Keep every line in which "present" occurs and drop the rest of the data.

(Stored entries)

──────

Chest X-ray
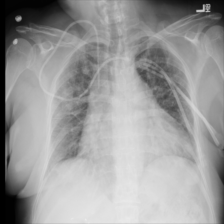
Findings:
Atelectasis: negative
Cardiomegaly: negative
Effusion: negative
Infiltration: positive
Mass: negative
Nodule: negative
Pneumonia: positive
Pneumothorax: negative
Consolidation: negative
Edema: positive
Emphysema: negative
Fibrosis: negative
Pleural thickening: positive
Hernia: negative
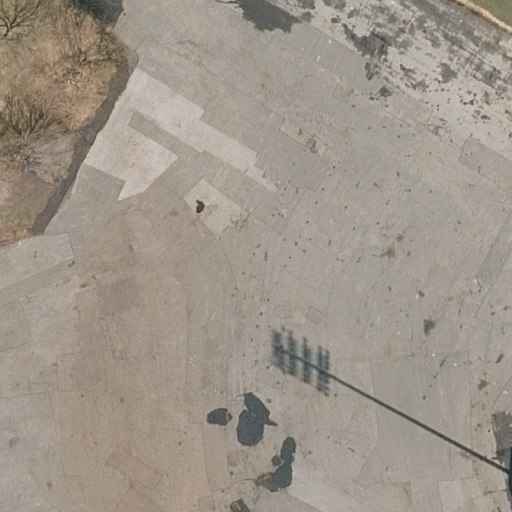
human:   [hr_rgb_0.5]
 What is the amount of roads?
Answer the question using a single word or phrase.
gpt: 4

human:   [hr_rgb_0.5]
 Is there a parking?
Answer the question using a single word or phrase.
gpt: yes

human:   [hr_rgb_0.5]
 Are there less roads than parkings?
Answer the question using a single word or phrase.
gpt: no

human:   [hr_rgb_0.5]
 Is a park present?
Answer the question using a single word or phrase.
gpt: yes

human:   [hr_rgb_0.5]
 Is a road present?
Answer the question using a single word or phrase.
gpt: yes

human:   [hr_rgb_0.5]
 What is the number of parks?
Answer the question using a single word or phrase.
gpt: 1

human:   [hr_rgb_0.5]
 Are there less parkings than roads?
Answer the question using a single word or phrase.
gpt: yes

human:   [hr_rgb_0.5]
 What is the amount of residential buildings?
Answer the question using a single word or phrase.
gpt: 0

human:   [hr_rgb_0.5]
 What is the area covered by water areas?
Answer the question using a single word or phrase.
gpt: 0m2

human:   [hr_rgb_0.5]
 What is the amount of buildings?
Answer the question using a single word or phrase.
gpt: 0

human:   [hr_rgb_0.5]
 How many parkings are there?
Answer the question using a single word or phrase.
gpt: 1

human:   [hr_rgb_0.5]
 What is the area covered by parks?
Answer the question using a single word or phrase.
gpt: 10633m2

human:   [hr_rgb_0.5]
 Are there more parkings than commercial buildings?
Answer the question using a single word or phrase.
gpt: yes

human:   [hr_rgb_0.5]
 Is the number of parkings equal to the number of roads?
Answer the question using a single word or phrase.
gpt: no

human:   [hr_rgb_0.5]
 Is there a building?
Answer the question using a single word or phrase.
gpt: no

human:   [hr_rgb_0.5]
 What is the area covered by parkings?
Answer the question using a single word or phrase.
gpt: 1092m2

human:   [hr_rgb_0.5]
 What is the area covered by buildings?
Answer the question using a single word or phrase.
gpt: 0m2

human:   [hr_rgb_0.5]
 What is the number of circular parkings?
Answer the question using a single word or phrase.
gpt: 0

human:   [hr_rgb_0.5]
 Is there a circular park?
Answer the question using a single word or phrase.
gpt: no

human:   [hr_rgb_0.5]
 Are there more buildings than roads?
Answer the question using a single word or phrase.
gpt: no

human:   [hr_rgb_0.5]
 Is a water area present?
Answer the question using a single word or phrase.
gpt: no

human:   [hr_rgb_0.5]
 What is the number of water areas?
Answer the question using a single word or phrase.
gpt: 0

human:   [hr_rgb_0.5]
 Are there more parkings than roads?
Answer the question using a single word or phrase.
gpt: no

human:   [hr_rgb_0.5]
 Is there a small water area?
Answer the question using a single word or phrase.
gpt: no

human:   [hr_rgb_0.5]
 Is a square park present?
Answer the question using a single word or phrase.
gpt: no

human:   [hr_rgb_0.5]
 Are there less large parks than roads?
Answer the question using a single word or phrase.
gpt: yes

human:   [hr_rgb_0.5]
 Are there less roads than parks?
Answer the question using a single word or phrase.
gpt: no

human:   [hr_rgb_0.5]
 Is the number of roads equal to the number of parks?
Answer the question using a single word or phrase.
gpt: no

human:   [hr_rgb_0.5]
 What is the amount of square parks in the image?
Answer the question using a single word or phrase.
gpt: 0

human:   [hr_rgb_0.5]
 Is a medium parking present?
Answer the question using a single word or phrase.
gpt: no

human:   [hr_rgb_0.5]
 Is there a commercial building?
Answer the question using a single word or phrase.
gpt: no

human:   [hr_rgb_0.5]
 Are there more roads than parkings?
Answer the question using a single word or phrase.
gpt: yes

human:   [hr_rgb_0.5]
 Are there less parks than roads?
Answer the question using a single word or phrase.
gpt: yes

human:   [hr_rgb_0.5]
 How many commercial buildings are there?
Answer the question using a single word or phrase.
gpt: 0

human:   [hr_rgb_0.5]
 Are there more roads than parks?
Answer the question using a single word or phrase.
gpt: yes

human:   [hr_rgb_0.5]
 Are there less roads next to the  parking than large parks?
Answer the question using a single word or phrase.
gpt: no

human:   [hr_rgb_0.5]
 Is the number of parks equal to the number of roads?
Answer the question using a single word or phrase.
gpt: no

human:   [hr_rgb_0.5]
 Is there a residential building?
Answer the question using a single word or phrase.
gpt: no

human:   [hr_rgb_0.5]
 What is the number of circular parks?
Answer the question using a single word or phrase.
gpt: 0

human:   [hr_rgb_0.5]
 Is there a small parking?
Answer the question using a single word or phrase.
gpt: no

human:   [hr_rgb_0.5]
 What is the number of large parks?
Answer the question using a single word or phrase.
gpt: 1

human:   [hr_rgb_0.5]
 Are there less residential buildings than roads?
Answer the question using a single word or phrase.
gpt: yes

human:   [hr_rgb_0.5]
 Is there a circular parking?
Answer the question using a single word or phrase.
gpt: no

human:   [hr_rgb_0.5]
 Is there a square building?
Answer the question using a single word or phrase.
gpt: no

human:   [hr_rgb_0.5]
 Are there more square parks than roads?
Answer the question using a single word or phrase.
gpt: no

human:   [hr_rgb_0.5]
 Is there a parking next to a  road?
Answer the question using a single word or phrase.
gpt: yes

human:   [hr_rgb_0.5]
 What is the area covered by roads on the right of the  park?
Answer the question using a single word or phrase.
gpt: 0m2

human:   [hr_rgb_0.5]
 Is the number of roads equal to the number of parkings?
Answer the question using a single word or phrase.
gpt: no

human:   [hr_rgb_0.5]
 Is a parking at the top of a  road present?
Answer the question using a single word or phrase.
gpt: yes

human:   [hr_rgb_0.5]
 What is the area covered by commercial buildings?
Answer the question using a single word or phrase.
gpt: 0m2

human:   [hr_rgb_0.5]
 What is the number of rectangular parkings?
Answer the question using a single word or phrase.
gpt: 1

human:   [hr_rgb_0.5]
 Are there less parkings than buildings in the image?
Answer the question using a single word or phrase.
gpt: no

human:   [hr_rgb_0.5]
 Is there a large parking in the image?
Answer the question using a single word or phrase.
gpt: yes

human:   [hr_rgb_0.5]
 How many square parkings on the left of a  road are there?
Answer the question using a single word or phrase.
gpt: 0

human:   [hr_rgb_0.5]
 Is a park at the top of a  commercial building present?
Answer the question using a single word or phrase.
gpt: no

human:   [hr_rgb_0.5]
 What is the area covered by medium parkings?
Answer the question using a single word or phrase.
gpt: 0m2

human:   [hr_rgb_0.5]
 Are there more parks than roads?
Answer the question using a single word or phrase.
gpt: no

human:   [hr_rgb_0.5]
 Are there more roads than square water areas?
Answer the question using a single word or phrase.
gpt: yes

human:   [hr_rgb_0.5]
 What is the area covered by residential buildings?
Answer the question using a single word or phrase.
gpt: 0m2

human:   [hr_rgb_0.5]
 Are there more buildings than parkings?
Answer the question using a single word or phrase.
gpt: no

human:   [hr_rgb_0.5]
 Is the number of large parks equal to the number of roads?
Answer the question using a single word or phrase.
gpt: no

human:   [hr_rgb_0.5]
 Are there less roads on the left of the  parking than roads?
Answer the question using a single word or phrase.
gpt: no

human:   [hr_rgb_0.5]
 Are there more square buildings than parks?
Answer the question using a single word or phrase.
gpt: no

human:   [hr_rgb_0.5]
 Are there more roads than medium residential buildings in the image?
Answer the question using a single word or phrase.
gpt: yes

──────

# [OUTPUT OF THE TASK]
 Is a park present?
 Is a road present?
 Is a water area present?
 Is a square park present?
 Is a medium parking present?
 Is a parking at the top of a  road present?
 Is a park at the top of a  commercial building present?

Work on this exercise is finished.